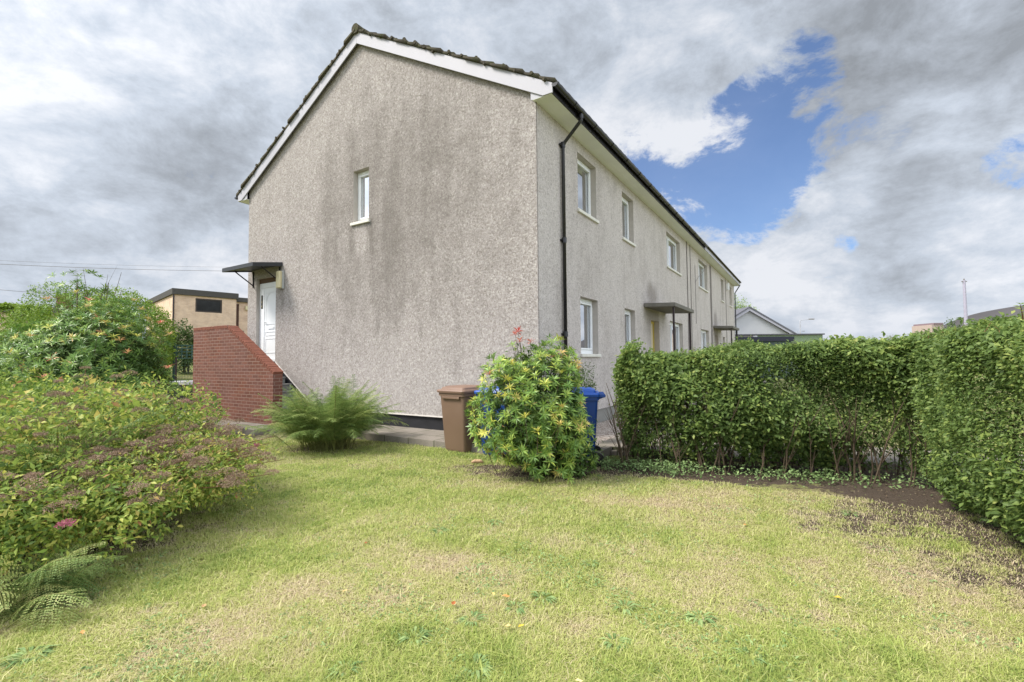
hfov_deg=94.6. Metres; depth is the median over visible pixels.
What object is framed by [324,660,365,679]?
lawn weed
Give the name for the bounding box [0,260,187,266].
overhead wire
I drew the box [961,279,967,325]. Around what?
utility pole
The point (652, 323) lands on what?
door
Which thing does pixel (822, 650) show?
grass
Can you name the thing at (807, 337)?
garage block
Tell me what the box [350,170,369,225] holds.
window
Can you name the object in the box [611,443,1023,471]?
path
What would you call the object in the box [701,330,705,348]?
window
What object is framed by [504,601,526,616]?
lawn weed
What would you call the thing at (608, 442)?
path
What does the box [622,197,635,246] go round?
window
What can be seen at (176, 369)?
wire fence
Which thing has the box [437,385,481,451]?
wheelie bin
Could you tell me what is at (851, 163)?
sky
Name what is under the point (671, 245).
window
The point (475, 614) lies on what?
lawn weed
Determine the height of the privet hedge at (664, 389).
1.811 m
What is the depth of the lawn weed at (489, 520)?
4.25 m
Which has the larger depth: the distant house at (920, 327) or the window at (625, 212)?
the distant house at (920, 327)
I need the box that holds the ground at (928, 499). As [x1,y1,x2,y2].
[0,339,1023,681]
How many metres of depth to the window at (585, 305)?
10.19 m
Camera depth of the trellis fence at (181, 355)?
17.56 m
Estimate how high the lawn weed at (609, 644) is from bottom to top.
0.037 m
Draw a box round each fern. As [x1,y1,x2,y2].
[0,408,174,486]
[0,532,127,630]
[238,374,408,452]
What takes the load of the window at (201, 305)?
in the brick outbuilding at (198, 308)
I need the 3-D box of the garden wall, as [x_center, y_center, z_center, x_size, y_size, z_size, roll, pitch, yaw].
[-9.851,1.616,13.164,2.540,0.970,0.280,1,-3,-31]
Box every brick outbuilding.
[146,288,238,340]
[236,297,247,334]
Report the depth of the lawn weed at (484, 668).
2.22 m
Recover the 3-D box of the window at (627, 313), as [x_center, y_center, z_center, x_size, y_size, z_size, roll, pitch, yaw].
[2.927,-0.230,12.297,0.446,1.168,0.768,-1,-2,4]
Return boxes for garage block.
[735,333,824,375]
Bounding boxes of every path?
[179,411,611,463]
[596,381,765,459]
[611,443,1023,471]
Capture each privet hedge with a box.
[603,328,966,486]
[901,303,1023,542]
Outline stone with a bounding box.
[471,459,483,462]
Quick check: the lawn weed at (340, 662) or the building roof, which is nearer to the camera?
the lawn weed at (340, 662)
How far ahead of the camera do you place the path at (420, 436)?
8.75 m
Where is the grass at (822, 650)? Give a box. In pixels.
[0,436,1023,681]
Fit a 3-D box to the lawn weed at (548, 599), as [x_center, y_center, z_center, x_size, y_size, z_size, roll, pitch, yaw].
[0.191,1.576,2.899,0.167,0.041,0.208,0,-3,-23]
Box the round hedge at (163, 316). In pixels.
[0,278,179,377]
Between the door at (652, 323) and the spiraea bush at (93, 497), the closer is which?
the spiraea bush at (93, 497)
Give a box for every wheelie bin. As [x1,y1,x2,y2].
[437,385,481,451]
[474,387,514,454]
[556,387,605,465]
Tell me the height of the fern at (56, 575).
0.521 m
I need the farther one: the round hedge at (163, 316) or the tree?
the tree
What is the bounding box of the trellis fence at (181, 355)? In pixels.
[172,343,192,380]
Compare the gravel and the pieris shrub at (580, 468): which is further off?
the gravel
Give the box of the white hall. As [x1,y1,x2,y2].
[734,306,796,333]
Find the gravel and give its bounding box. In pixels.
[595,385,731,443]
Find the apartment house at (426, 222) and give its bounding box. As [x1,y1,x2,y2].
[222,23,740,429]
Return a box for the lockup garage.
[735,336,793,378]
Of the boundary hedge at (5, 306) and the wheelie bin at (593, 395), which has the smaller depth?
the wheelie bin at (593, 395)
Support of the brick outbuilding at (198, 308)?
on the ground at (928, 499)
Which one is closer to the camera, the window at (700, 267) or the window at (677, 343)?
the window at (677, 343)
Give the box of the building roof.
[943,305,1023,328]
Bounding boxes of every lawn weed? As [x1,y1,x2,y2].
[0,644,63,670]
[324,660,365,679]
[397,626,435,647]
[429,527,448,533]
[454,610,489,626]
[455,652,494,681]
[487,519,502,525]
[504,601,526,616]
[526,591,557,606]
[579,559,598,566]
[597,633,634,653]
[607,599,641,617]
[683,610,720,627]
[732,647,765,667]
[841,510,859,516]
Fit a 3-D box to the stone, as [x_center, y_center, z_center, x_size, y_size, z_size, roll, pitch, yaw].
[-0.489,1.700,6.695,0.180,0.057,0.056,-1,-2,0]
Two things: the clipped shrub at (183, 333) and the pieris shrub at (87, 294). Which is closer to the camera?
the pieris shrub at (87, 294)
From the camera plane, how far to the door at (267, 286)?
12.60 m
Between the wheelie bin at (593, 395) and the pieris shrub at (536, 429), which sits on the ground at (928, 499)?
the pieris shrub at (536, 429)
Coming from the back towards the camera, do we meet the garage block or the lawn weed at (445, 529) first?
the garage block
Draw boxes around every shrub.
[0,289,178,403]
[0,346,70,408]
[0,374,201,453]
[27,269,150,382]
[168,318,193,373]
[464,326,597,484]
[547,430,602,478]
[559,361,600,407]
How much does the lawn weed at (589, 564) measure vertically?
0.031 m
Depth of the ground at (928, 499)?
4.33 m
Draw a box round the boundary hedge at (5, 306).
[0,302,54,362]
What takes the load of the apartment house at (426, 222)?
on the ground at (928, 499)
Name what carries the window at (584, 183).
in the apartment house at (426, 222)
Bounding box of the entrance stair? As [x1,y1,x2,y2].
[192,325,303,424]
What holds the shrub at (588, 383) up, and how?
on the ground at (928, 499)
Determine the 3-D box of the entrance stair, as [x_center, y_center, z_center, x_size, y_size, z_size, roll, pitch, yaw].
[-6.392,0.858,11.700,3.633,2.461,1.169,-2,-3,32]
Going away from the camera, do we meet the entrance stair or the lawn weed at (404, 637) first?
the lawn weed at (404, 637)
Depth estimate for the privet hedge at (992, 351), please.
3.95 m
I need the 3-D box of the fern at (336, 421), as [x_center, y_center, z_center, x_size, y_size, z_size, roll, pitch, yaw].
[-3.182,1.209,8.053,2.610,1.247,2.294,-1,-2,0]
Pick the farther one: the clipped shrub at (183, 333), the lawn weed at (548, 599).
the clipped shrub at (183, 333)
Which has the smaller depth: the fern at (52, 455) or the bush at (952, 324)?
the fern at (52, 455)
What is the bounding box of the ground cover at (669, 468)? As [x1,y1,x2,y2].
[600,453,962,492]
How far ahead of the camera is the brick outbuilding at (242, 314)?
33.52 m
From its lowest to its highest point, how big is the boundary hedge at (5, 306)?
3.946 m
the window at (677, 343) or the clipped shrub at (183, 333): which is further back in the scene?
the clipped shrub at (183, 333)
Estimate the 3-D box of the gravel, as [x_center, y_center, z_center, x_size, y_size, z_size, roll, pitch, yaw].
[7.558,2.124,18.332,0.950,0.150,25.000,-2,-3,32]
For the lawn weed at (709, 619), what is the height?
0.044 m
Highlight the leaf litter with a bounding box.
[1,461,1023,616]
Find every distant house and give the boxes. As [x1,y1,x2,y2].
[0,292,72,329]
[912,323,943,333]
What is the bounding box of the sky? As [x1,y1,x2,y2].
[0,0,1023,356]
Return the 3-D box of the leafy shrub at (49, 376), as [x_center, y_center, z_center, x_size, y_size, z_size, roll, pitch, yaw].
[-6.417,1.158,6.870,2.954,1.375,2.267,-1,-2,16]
━━━━
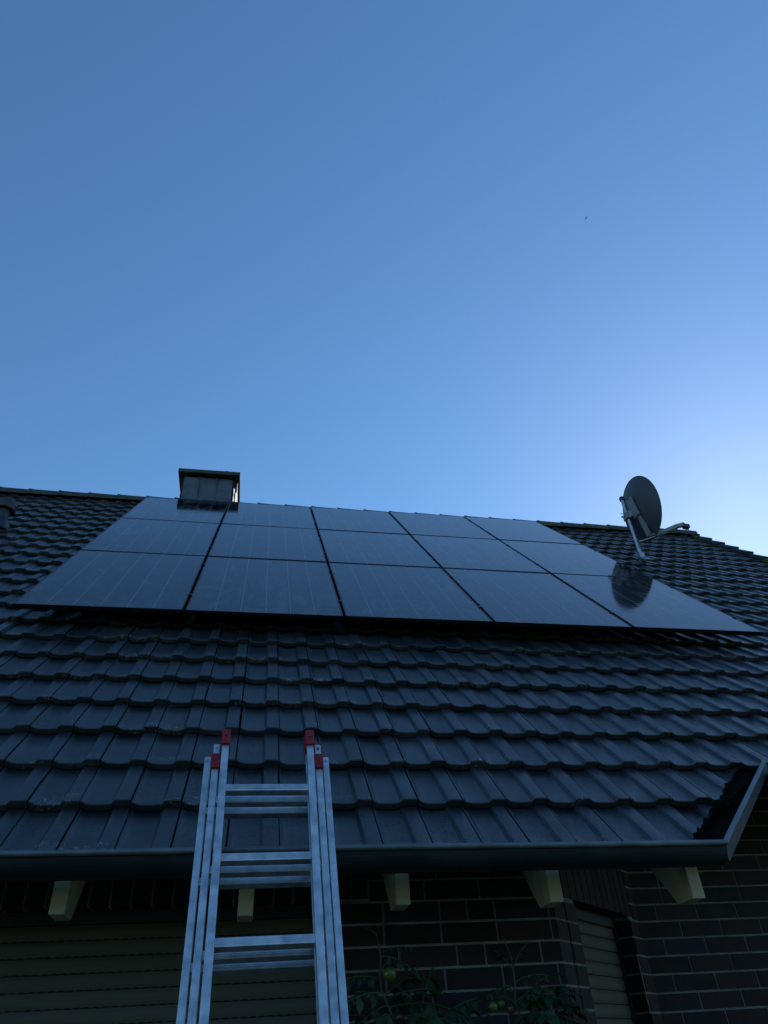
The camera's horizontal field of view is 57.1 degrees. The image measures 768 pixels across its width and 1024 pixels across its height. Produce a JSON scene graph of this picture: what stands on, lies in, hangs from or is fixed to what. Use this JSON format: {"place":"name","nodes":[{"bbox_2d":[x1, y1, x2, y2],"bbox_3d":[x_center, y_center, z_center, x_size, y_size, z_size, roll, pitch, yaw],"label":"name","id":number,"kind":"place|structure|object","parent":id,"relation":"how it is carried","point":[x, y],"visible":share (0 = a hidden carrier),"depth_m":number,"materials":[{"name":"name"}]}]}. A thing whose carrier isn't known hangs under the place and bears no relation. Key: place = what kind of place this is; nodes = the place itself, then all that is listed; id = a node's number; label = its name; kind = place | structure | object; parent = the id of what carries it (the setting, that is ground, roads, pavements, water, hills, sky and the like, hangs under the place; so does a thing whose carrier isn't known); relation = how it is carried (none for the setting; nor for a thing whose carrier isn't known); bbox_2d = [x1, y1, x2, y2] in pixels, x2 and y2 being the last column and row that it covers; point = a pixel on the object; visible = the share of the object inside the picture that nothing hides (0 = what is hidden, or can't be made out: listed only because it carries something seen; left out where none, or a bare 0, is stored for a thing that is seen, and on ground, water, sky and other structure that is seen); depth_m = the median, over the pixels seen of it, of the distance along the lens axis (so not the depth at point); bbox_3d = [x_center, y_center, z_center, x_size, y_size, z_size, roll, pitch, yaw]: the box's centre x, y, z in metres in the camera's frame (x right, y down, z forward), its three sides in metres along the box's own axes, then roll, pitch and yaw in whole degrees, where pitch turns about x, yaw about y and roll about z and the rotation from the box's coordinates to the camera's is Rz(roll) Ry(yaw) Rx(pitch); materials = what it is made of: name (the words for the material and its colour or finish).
━━━━
| INSTRUCTIONS TO FOLLOW |
Please reproduce the lines from the line with "Support of the" to the line with "Between the wheelie", both ends included, exactly as they appear above.

| WRITTEN RESPONSE |
Support of the brick outbuilding at (198, 308)?
on the ground at (928, 499)
Which one is closer to the camera, the window at (700, 267) or the window at (677, 343)?
the window at (677, 343)
Give the box of the building roof.
[943,305,1023,328]
Bounding boxes of every lawn weed? As [x1,y1,x2,y2].
[0,644,63,670]
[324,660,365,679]
[397,626,435,647]
[429,527,448,533]
[454,610,489,626]
[455,652,494,681]
[487,519,502,525]
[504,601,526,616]
[526,591,557,606]
[579,559,598,566]
[597,633,634,653]
[607,599,641,617]
[683,610,720,627]
[732,647,765,667]
[841,510,859,516]
Fit a 3-D box to the stone, as [x_center, y_center, z_center, x_size, y_size, z_size, roll, pitch, yaw].
[-0.489,1.700,6.695,0.180,0.057,0.056,-1,-2,0]
Two things: the clipped shrub at (183, 333) and the pieris shrub at (87, 294). Which is closer to the camera?
the pieris shrub at (87, 294)
From the camera plane, how far to the door at (267, 286)?
12.60 m
Between the wheelie bin at (593, 395) and the pieris shrub at (536, 429), which sits on the ground at (928, 499)?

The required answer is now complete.